Repeat the listing exactly as given, omitting every image.

*** Opening Records for this exercise ***

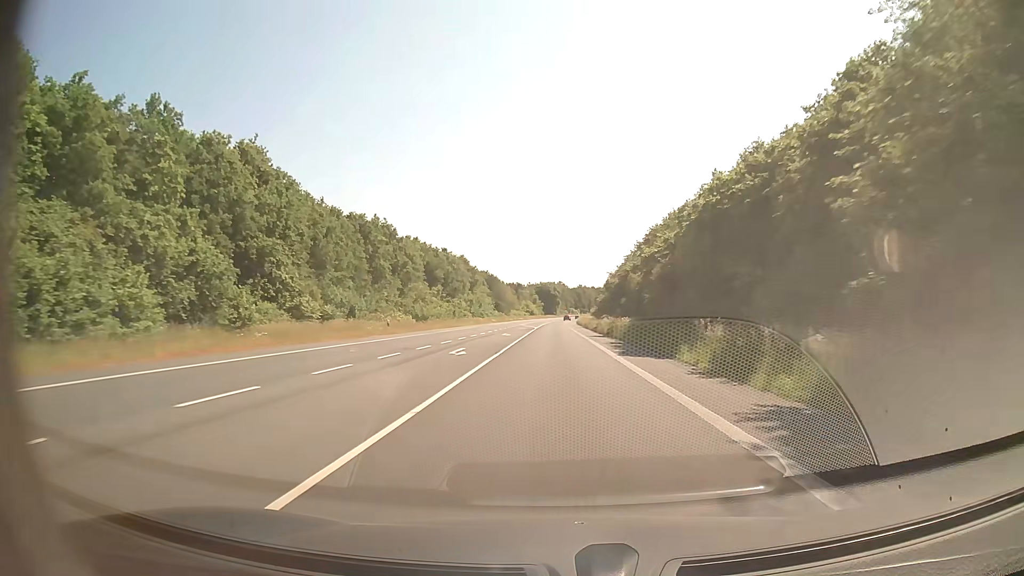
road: secondary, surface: asphalt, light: Day
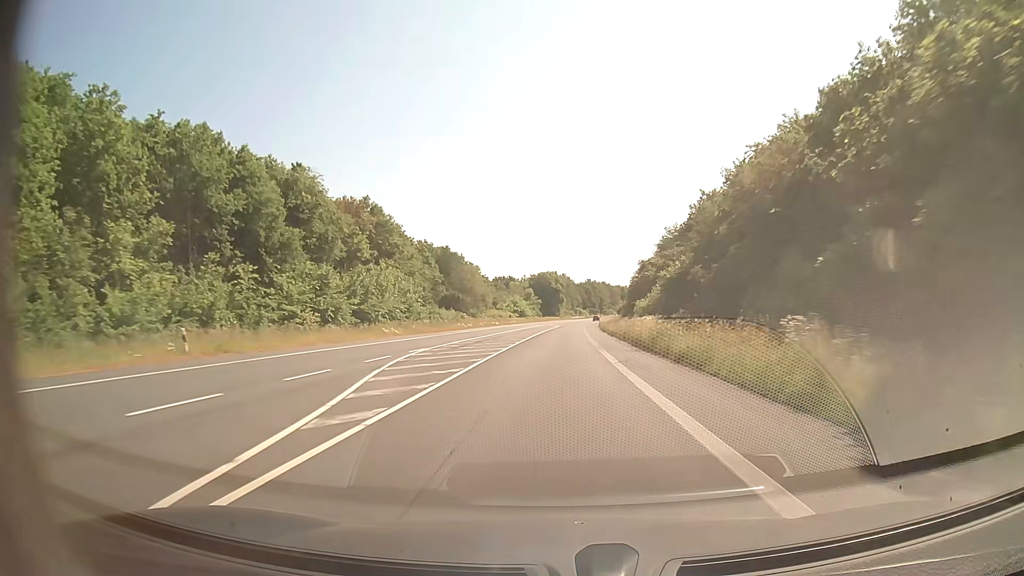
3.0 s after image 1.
(+0.1, +79.2) m; 0°
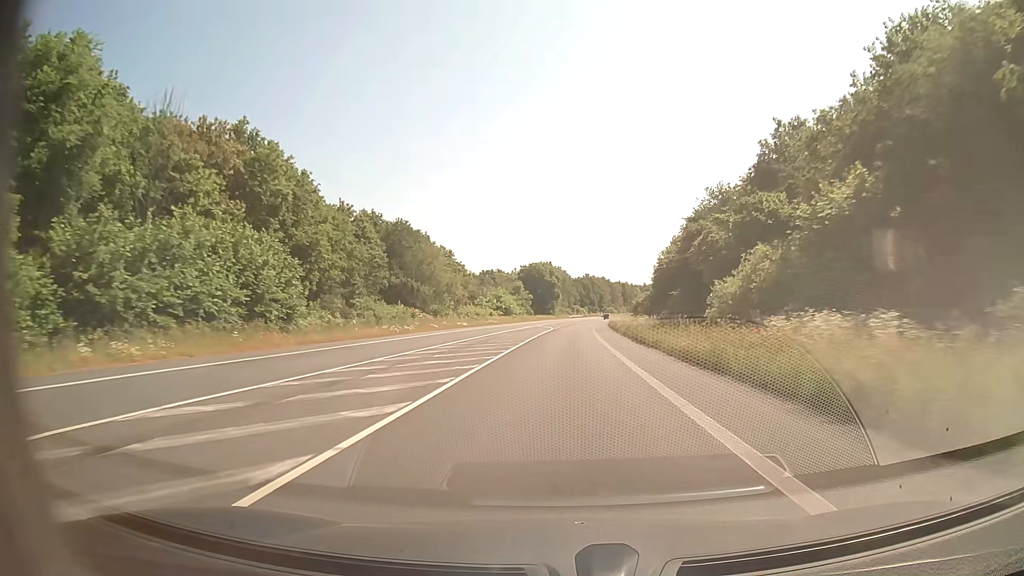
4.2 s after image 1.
(+0.2, +31.6) m; 0°
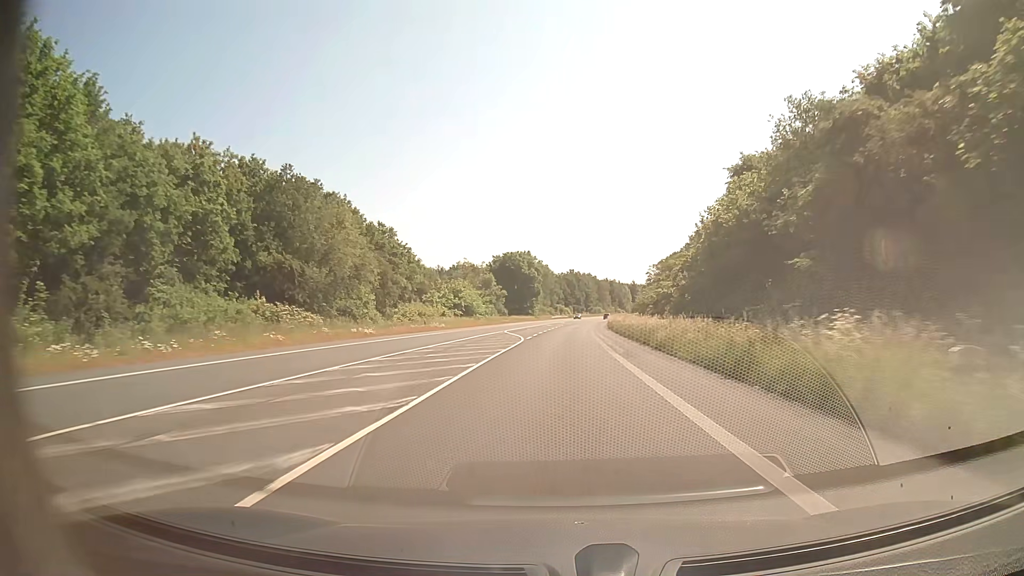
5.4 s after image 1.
(+0.5, +31.6) m; +2°
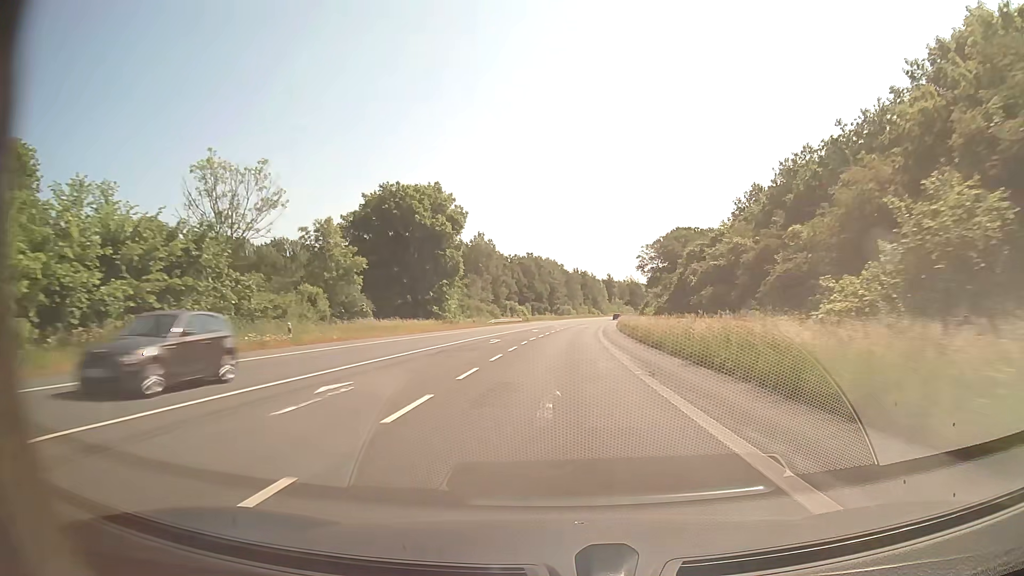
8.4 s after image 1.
(+2.1, +79.0) m; +3°
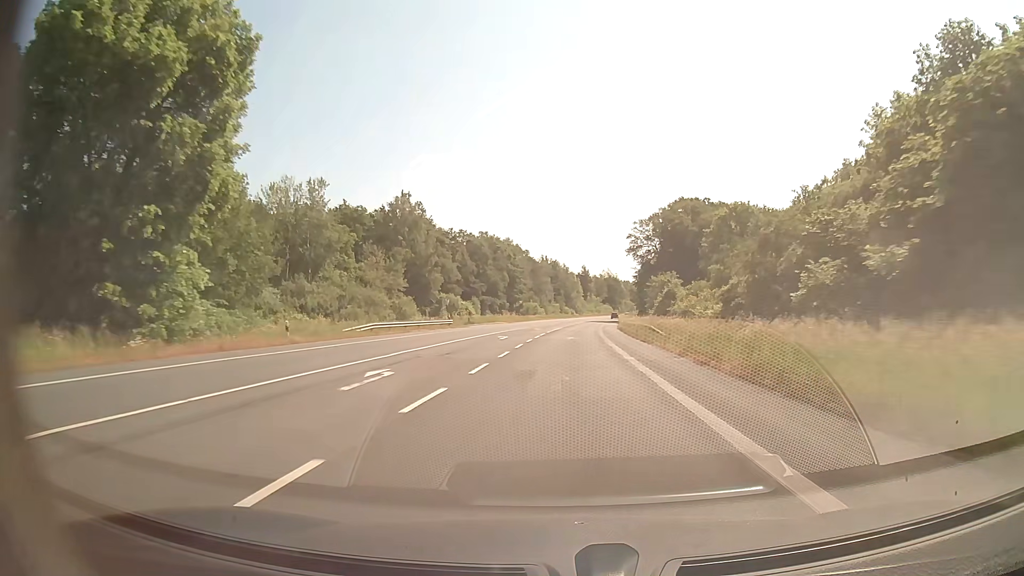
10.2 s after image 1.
(+1.1, +47.3) m; +3°

*** Closing Records for this exercise ***

Solution for this task:
road: secondary, surface: asphalt, light: Day
3.0 s after image 1.
(+0.1, +79.2) m; 0°
4.2 s after image 1.
(+0.2, +31.6) m; 0°
5.4 s after image 1.
(+0.5, +31.6) m; +2°
8.4 s after image 1.
(+2.1, +79.0) m; +3°
10.2 s after image 1.
(+1.1, +47.3) m; +3°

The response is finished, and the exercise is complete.